NEWS NO.47(2013年度)
実践酪農学で高橋勇さんが特別講師
本学農食環境学群 循環農学類は、4月からの毎週金曜日9時00分~10時30分、本学C5号館202教室にて、「実践酪農学(前期講義)」を行っています。この講義では、様々なスタイルで酪農を営む酪農家を特別講師にお招きしています。

7月5日(金)は、浜中町農業協同組合の高橋勇参事(1984年大学 酪農学科卒)が「地域の生き残りをかけた浜中町農業の挑戦〜地域に根ざす起業として〜」と題し、浜中町農業協同組合の概要をはじめ、酪農技術センターや、新規就農などの取り組みについて話しました。

■高橋勇さんの講義■
浜中町というところは、釧路と根室の間に位置する人口6,300人の町で、漁業や酪農の多い地域です。札幌近郊とは違って土地柄、霧が多く気温が低いので畑作には向いていないため、牛を飼う酪農家が多いところです。そういったことからも道内の牛乳生産量の約7割を道東方面がしめており、昨年は道内生産量約380万トンのうち約10万トンを生産しました。
わたしが浜中町へきたのは酪農学園大学を卒業した年なので、来春で30年間住んでいることになります。

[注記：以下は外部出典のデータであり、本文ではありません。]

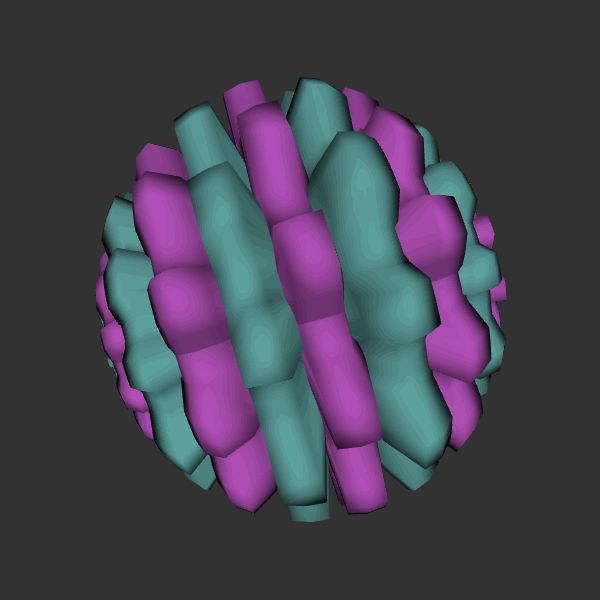
Background: dark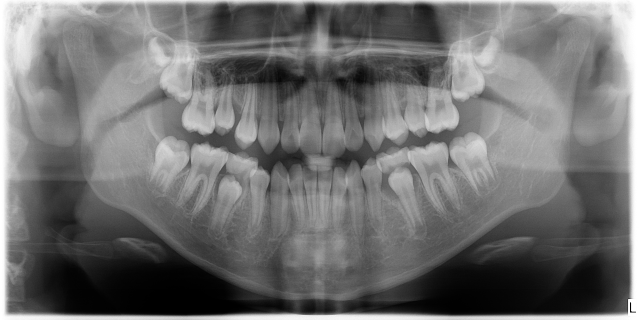
adult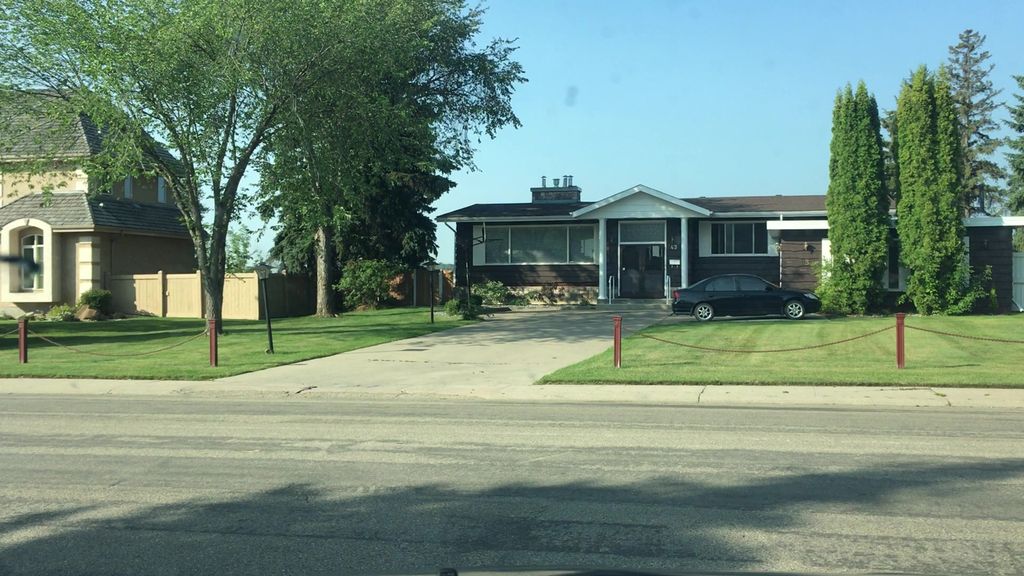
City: edmonton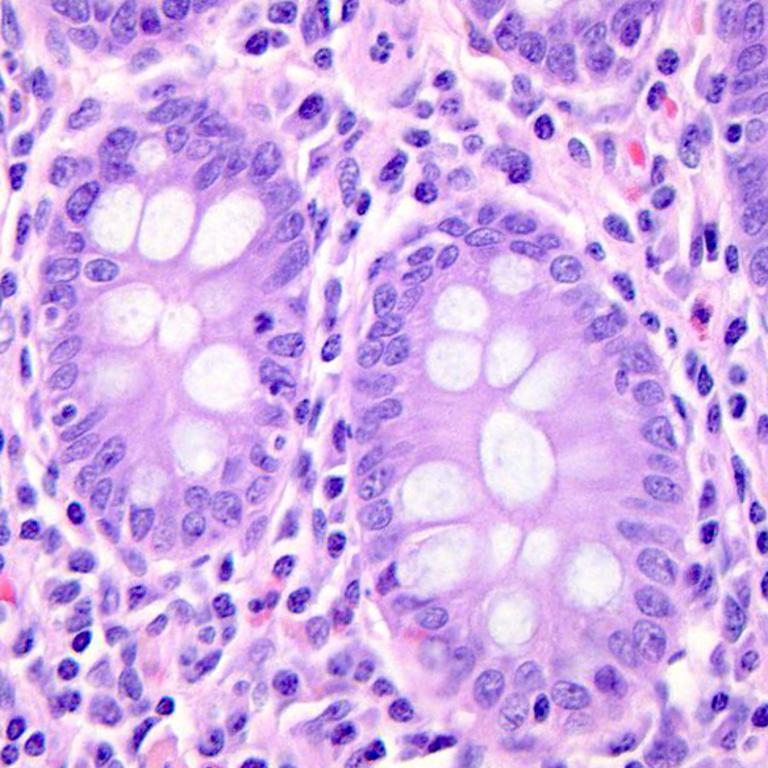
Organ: colon
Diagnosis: benign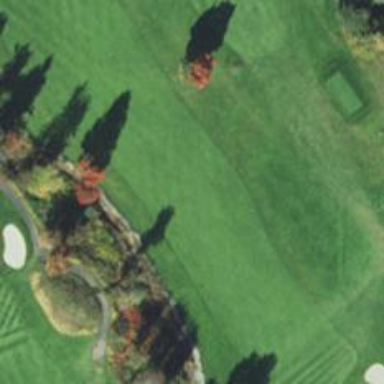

酪農学園大学に在籍していた時は、家畜栄養や牧草、サイレージについて学んでいました。その頃、JA浜中町では酪農技術センターを全国で初めてつくり、ちょうどわたしのような勉強をしていた人材を探していたということから就職がきまりました。
酪農技術センターは、牛乳のチェック、土壌やえさの分析、牛の健康管理、栄養管理のコントロールと、農家さんの経営に関してはもちろん、酪農業に関する管理をすべて行うところです。今では、こういった施設は多くなりましたが、生産現場でこのような施設を設置するのは当時大変めずらしいことでした。
走るのが早いひと、いっぱい食べるひと、ぐっすり眠りたいひと、それぞれ1人1人個性や性質が違うように、牛にも1頭1頭個性があって人間と同じです。濃いミルクを出す牛もいれば、薄いミルクの牛もいます。牛乳は生ものですし、搾りたての牛乳は30℃以上あるうえ栄養化が高いので細菌の温床となってしまいます。なので、すぐにチェックをしないと傷んでしまいます。そして、牧草はえさとなり牛乳となるので、牛に到着するまでしっかりコントロールしないといけません。乳製分析は牛の体細胞を分析し生乳への不純物の混入などの検査、生菌分析は搾乳環境の衛生面を把握、土壌分析、飼料分析は牛のえさとなる牧草を作る為の管理などを行なっています。健康な牛からミルクをとる。牛が喜んで食べるためのえさづくり。消費者に安全なものを提供する。これがすべての原点であり、とても大切にしていることです。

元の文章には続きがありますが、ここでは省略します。